# Best business credit cards?



## NorthstarNC (Oct 17, 2007)

What business credit cards do you feel have the best offers right now?


----------



## kauser667 (Apr 10, 2007)

NorthStar,

Great topic! I would like to hear some good cards also.

Have a business card from a credit union. Its ok.

No cash advance fees! decent interest.but other than that nothing really special such as employee caps on the cards which would be nice....


----------



## mahlere (Aug 6, 2006)

amex


----------



## philner (Dec 27, 2007)

I used to do amex and they are good. Had a tough time paying the annual fees.Now use visa.Capitol One is good, so is Chase. I don't carry balances,have the full amount deducted automaticly from my account monthly so interest rates and fees don't matter to me. I'm looking only at the perks, cash back,awards,etc... Just switched to a patriots reward Visa card that lets me earn tickets etc.. (all used for bussiness purposes only of course:whistling).GM card is good for buying vehicles,Problem is I max out too fast,So I max that out at 5% reward then switch back to my main card.
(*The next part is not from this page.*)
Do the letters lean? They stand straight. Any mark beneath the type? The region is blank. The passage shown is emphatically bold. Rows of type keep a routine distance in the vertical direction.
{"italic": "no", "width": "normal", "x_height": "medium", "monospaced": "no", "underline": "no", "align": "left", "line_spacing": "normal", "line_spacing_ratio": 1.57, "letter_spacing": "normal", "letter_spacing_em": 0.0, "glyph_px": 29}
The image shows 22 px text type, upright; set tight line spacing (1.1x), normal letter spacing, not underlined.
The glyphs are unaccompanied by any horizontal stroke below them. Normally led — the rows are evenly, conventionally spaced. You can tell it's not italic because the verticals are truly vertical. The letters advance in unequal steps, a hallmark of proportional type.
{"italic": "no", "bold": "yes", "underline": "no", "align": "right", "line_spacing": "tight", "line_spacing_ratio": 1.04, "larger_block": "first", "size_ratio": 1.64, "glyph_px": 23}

Phil


----------



## dougchips (Apr 23, 2006)

Check out Advanta if you don't like Amex.


----------



## Murphy (Mar 28, 2006)

We use citibank diamond preffered for business. Really rack up the points with this card. Murph


----------



## rbsremodeling (Nov 12, 2007)

Amex

customer service is second to none. Use points to pay for vacations or by stuff through out the year. after a year or two they offer alot of great features and additional products


----------



## spartiatis (Jan 20, 2008)

We also have the Amex card and it definitely is the best card to go with, of course there is that yearly fee but it is worth every penny.


----------



## orson (Nov 23, 2007)

dougchips said:


> Check out Advanta if you don't like Amex.
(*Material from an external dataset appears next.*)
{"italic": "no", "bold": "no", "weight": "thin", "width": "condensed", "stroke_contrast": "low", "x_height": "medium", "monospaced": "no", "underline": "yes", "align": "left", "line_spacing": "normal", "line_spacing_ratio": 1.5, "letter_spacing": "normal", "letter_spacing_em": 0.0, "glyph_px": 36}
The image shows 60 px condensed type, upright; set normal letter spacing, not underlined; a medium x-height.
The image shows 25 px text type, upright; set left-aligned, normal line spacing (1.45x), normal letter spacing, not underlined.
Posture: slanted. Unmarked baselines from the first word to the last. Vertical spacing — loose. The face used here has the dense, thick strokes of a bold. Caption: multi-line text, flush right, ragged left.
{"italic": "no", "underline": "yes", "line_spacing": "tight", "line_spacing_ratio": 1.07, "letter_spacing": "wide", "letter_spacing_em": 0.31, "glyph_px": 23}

I second that on the Advanta Card if you're looking for a no fee card that is accepted at more locations than the amex card

www.rubycon.us
Ruby Construction LLC 
Lancaster Kitchen Remodeling
Lancaster Bathroom Remodeling


----------



## rbsremodeling (Nov 12, 2007)

NorthStar

What do you mean by best offers???


----------



## NorthstarNC (Oct 17, 2007)

By offers, I mean cash back, awards, best percentages back I guess. I too do not care about rates, as I never carry a balance, always pay on time. Perhaps I'll try the Capital One card......


----------



## Celtic (May 23, 2007)

amex


----------



## Dustball (Jul 7, 2006)

dougchips said:


> Check out Advanta if you don't like Amex.


Yep, I use Advanta too. 8% interest rate for all purchases and cash back.


----------



## PARA1 (Jul 18, 2007)

NorthstarNC said:


> What business credit cards do you feel have the best offers right now?


There's no such thing. Buis. debit card.:thumbsup:


----------



## silvertree (Jul 22, 2007)

I use Advanta, good rate, good record keeping, high limit. Online pay if you like.


----------



## mahlere (Aug 6, 2006)

PARA1 said:


> There's no such thing. Buis. debit card.:thumbsup:


why tie up your cash immediately? amex gives you 30 days to collect...better than a debit card...


----------



## dougchips (Apr 23, 2006)

Dustball said:


> Yep, I use Advanta too. 8% interest rate for all purchases and cash back.


I mentioned Advanta because I would use it if I did not use Amex. I use Amex for every business purchase that I can and fly free a few times a year with the points. One trip in December, two this month and I am planning one for next month.


----------



## PARA1 (Jul 18, 2007)

mahlere said:


> why tie up your cash immediately? amex gives you 30 days to collect...better than a debit card...


Never had to wait 30 days to collect.:thumbup:


----------